- REQUIREMENT
What lines of the data include the string "aligned"? Copy them all.

[INFORMATION SHOWN]

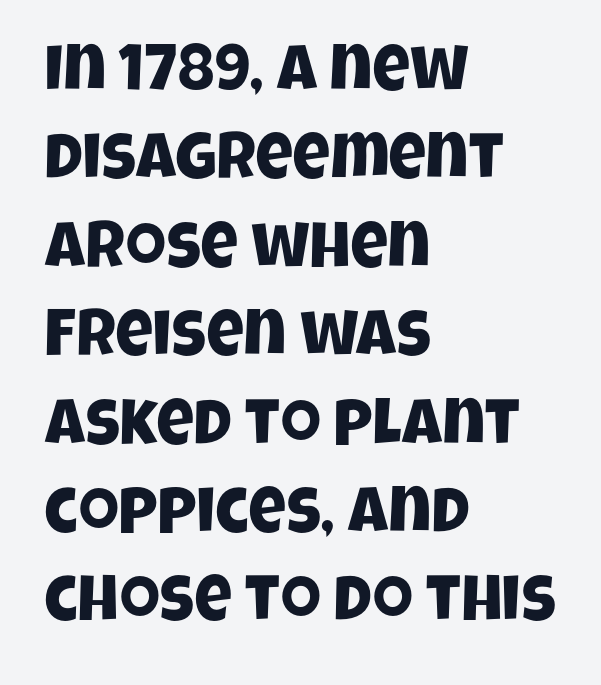
The image shows 65 px condensed sans-serif type; set left-aligned, normal line spacing (1.36x), normal letter spacing, not underlined; low stroke contrast and a large x-height.
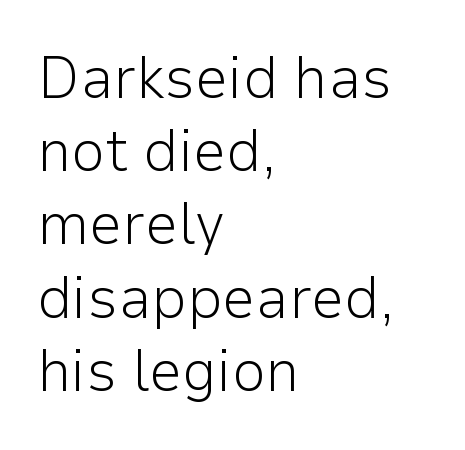
{"serif": "no", "italic": "no", "bold": "no", "weight": "light", "width": "normal", "stroke_contrast": "low", "x_height": "medium", "monospaced": "no", "underline": "no", "align": "left", "line_spacing_ratio": 1.22, "letter_spacing": "normal", "letter_spacing_em": 0.0, "glyph_px": 60}
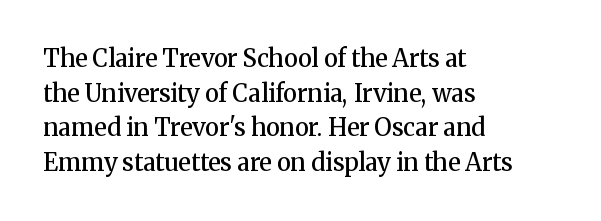
The image shows 24 px text type, upright; set left-aligned, normal line spacing (1.44x), normal letter spacing, not underlined.

[/INFORMATION SHOWN]

- TASK RESPONSE
The image shows 65 px condensed sans-serif type; set left-aligned, normal line spacing (1.36x), normal letter spacing, not underlined; low stroke contrast and a large x-height.
The image shows 24 px text type, upright; set left-aligned, normal line spacing (1.44x), normal letter spacing, not underlined.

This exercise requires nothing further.